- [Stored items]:
•••

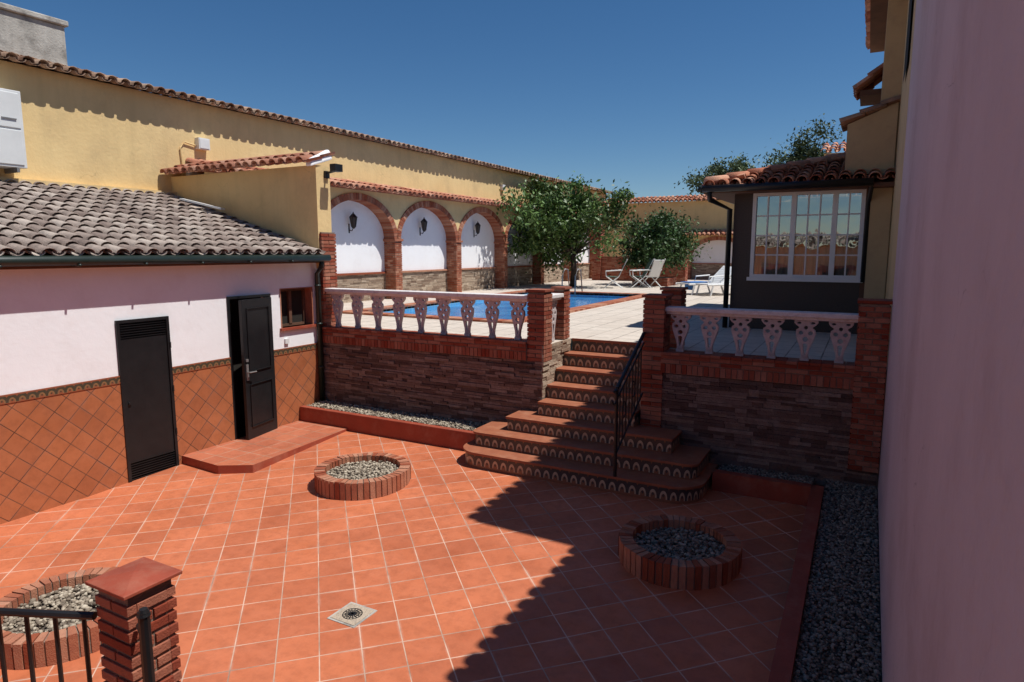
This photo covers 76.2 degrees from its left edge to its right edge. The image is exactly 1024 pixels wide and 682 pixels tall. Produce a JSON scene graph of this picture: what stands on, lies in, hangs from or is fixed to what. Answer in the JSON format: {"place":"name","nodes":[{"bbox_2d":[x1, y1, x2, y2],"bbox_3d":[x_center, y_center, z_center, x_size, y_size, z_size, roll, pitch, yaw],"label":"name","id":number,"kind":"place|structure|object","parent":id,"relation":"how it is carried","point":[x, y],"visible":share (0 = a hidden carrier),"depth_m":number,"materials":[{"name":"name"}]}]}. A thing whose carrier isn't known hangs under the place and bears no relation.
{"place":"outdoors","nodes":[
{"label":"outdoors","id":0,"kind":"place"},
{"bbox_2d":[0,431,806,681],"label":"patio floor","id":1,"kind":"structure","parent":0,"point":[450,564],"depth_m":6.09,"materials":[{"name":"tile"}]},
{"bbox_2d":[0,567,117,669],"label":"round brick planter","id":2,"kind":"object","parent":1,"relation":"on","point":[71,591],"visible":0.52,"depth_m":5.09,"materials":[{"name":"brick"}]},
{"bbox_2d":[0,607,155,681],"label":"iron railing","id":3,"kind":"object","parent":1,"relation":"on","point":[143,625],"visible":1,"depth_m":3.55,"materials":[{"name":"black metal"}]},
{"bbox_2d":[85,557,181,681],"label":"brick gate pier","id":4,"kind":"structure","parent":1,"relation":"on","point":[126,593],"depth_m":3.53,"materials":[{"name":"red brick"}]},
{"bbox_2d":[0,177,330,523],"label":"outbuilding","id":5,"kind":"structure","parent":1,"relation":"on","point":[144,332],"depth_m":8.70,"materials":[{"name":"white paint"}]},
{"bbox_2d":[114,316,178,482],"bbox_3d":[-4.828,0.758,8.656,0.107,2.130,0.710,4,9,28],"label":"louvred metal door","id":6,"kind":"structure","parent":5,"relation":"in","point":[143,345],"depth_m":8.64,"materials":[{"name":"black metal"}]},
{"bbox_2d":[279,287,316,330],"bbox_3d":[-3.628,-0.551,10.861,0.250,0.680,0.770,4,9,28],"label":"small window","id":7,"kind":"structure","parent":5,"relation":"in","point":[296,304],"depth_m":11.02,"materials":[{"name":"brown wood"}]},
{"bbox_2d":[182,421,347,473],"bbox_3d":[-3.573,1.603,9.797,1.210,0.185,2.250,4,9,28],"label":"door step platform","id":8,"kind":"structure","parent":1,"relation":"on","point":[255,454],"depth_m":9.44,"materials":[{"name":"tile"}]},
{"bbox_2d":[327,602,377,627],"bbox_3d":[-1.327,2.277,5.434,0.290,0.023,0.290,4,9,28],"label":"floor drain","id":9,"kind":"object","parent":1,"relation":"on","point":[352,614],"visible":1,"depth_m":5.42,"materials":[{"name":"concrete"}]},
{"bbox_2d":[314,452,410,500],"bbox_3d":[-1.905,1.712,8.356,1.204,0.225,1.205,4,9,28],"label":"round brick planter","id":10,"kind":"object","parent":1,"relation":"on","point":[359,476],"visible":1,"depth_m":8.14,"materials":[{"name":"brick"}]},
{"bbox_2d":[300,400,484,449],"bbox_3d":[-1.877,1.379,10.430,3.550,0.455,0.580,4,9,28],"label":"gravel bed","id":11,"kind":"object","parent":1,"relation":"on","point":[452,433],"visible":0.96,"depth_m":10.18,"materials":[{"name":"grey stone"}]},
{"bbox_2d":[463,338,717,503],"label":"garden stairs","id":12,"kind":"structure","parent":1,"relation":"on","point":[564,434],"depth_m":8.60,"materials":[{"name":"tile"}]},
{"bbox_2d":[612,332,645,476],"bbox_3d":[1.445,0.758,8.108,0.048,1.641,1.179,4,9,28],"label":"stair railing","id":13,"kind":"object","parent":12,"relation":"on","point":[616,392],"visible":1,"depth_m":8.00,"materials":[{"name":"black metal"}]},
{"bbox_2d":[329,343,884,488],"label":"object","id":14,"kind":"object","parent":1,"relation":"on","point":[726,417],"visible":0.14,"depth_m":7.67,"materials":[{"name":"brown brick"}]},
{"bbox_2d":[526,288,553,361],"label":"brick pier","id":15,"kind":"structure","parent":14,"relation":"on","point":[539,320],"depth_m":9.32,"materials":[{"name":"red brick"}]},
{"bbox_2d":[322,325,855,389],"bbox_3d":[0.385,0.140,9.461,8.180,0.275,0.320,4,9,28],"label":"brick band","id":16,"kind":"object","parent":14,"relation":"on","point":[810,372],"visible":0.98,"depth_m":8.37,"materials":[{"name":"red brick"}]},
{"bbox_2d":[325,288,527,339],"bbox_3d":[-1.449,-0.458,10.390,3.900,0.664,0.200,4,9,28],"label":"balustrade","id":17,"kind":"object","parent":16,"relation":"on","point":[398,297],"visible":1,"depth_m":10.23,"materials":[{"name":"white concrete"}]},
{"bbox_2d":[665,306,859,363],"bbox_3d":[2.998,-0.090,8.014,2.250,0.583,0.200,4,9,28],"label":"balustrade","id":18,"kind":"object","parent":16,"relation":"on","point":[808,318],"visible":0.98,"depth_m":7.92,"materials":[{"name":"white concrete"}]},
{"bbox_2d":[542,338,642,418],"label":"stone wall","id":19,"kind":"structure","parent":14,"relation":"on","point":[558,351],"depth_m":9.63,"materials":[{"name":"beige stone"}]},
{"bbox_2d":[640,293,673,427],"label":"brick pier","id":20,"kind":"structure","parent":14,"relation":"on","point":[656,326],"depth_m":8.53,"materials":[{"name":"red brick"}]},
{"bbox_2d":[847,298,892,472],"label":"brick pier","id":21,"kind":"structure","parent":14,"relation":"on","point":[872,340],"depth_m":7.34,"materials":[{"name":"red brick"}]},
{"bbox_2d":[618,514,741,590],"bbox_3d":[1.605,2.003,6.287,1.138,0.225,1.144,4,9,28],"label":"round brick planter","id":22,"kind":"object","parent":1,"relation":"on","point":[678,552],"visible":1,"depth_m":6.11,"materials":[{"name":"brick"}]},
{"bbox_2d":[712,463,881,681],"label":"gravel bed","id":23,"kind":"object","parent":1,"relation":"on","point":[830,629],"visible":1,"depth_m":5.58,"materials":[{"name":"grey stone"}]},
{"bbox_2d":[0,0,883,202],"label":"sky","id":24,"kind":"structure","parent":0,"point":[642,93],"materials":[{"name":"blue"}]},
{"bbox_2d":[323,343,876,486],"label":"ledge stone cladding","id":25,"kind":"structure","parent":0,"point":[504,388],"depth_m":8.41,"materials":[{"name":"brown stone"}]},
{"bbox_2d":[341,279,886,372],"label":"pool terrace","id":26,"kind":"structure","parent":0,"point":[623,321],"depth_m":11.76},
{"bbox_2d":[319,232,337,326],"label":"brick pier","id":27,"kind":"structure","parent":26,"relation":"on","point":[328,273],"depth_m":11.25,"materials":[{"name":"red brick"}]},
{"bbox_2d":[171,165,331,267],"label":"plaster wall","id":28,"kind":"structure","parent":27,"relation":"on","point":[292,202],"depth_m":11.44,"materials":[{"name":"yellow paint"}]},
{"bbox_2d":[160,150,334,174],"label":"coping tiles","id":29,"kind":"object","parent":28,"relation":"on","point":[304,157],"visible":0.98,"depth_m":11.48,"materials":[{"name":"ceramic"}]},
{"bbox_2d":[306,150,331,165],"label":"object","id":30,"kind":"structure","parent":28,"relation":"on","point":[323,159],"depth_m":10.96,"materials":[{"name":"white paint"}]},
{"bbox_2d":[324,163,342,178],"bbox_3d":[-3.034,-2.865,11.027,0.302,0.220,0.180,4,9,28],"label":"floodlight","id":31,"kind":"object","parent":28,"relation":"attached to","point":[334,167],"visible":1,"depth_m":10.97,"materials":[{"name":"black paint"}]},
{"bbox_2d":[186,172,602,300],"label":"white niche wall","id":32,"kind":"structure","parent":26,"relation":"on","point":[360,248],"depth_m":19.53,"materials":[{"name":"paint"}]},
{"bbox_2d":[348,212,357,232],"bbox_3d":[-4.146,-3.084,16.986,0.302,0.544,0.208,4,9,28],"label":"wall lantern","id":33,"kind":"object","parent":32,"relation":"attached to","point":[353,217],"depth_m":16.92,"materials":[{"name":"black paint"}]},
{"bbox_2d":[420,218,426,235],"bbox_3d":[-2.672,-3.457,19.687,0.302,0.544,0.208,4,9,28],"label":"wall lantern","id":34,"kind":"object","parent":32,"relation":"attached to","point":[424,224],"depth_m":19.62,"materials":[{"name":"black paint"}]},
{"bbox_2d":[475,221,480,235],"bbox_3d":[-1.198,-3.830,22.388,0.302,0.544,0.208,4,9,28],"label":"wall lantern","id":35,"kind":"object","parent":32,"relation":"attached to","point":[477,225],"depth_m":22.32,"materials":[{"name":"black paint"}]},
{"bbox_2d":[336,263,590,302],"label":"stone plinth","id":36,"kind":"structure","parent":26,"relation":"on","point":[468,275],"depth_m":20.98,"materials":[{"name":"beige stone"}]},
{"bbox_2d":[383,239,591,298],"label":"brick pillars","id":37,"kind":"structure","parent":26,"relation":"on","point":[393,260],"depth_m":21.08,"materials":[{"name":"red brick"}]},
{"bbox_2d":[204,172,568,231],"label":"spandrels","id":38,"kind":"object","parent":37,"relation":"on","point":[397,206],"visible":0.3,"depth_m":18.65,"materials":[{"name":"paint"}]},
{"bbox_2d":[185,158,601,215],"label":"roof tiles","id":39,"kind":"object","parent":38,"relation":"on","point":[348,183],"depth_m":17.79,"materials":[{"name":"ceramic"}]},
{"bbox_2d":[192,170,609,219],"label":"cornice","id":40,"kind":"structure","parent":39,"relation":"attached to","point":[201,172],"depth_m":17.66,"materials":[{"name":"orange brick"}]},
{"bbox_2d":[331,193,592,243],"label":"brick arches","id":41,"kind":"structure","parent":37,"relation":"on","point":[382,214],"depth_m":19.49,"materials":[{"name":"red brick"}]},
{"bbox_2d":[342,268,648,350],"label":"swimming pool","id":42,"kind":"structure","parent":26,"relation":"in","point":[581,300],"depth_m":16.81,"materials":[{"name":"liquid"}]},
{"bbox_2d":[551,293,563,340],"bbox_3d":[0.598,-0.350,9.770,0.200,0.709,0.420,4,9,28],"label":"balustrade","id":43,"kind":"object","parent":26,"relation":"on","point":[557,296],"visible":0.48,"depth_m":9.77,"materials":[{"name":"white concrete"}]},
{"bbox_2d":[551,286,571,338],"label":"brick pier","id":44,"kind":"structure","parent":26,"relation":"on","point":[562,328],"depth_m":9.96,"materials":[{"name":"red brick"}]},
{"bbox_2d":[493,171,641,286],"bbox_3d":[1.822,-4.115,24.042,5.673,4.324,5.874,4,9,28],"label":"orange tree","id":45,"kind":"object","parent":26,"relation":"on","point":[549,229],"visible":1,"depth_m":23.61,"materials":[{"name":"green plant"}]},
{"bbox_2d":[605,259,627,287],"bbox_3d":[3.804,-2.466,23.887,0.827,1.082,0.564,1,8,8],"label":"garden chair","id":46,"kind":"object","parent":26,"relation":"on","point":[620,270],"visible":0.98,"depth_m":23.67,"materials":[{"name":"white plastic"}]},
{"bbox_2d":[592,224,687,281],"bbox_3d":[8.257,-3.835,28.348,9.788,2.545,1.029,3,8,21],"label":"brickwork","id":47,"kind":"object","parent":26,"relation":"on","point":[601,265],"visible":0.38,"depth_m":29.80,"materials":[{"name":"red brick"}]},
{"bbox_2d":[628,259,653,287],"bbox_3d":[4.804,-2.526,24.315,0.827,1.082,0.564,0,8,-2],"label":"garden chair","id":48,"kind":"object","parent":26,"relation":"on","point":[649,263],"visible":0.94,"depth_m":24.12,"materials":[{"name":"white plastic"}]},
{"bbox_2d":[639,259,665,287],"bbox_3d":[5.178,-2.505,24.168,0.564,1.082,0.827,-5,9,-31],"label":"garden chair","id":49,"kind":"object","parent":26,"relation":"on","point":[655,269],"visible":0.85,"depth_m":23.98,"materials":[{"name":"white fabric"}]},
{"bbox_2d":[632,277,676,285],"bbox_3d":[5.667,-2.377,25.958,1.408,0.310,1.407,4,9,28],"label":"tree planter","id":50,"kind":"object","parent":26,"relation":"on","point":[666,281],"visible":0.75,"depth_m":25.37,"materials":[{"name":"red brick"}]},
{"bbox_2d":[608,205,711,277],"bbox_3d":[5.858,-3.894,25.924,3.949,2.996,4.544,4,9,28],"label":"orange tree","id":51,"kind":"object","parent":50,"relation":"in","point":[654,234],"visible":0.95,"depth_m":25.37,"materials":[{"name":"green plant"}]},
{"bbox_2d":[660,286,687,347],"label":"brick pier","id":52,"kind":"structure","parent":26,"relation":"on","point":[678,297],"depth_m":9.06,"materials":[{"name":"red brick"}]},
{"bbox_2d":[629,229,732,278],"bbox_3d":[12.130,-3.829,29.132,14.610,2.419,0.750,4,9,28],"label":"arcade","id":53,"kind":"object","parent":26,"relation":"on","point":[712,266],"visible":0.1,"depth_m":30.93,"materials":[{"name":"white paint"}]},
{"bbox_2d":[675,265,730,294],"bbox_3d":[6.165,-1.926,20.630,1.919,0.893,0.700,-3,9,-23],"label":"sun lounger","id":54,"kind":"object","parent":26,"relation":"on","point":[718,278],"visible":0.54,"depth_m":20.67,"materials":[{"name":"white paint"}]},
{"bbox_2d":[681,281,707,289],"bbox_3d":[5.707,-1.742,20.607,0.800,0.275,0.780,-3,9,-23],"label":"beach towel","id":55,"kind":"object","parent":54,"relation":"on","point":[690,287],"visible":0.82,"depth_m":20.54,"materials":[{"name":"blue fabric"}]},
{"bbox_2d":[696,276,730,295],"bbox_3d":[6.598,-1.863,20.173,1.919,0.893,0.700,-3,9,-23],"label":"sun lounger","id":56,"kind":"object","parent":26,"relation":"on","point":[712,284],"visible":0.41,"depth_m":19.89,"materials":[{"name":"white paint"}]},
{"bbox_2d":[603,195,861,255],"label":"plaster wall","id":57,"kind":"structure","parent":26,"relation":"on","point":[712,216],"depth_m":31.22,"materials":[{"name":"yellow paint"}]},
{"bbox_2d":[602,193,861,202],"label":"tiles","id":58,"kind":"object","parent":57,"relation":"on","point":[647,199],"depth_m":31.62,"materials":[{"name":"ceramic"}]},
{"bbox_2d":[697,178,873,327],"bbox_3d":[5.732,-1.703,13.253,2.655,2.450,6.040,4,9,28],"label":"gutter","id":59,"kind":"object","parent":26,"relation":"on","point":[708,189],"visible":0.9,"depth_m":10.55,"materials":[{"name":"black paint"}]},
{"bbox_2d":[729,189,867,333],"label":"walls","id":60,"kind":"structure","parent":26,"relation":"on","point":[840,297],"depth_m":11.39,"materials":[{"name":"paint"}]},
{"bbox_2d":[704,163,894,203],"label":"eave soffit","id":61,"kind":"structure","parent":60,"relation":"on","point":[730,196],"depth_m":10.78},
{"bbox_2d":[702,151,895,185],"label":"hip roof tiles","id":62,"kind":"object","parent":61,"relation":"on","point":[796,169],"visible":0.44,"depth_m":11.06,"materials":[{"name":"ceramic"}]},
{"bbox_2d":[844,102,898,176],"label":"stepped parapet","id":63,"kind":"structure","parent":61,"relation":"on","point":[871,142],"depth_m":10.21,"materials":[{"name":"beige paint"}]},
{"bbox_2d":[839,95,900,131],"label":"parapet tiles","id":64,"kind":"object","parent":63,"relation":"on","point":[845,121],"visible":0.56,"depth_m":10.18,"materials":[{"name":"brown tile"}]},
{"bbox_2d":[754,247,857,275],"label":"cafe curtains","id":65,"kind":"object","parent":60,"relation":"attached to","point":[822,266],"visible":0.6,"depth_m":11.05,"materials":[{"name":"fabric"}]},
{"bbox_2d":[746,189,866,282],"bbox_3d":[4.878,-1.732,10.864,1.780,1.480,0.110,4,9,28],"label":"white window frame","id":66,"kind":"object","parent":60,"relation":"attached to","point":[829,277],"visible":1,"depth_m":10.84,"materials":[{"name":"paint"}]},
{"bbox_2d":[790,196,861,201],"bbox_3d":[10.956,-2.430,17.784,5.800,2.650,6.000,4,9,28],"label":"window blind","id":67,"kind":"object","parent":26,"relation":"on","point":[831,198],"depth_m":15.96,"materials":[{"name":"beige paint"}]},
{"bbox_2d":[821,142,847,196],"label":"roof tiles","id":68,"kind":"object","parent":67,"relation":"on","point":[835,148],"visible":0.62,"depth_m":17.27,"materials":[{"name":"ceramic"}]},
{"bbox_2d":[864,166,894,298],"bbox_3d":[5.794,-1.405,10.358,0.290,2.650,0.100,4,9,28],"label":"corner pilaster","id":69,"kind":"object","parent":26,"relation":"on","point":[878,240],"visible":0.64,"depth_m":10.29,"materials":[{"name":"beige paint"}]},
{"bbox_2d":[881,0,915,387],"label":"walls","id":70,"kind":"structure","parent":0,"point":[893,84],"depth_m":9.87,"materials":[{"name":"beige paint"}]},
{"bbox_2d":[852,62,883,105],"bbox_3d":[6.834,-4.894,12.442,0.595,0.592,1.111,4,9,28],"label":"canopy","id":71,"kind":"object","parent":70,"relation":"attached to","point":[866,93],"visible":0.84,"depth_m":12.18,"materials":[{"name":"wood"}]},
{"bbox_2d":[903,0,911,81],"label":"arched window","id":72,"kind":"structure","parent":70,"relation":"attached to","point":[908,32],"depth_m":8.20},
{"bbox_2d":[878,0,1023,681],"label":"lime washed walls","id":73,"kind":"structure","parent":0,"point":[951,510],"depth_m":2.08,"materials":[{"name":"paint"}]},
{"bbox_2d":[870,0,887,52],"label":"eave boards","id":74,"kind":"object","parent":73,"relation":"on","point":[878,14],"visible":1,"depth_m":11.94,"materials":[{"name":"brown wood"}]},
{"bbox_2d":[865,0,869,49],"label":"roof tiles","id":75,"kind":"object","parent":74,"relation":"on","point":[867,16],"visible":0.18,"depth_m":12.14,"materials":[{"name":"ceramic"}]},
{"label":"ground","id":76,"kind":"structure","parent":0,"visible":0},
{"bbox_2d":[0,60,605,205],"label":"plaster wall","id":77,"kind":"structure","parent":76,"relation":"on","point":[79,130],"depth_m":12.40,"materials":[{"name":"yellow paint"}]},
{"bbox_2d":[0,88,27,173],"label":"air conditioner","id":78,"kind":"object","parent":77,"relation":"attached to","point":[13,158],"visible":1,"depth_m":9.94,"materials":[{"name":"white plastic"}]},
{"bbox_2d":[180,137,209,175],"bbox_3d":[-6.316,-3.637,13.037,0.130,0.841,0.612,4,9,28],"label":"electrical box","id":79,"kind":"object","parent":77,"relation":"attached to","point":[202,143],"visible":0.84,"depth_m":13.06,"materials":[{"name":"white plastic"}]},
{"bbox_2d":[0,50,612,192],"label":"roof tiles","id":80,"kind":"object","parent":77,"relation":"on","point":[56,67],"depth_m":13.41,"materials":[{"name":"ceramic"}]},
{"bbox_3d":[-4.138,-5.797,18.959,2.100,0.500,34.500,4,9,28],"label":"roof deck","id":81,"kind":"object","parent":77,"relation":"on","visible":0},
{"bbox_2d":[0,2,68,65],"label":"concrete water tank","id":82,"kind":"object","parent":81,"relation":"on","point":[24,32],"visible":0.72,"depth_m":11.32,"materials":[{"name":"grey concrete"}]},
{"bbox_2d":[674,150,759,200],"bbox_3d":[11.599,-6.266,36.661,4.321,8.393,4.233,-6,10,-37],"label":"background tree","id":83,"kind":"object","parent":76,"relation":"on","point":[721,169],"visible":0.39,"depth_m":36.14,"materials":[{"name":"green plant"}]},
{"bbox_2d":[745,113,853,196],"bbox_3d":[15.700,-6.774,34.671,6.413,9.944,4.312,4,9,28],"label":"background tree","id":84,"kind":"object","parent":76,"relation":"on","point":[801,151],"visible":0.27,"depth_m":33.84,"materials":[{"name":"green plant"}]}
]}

•••

- [About this exercise]:
Find the word "balustrade" in the data and show each line that holds it.

- [Task output]:
{"bbox_2d":[325,288,527,339],"bbox_3d":[-1.449,-0.458,10.390,3.900,0.664,0.200,4,9,28],"label":"balustrade","id":17,"kind":"object","parent":16,"relation":"on","point":[398,297],"visible":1,"depth_m":10.23,"materials":[{"name":"white concrete"}]},
{"bbox_2d":[665,306,859,363],"bbox_3d":[2.998,-0.090,8.014,2.250,0.583,0.200,4,9,28],"label":"balustrade","id":18,"kind":"object","parent":16,"relation":"on","point":[808,318],"visible":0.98,"depth_m":7.92,"materials":[{"name":"white concrete"}]},
{"bbox_2d":[551,293,563,340],"bbox_3d":[0.598,-0.350,9.770,0.200,0.709,0.420,4,9,28],"label":"balustrade","id":43,"kind":"object","parent":26,"relation":"on","point":[557,296],"visible":0.48,"depth_m":9.77,"materials":[{"name":"white concrete"}]},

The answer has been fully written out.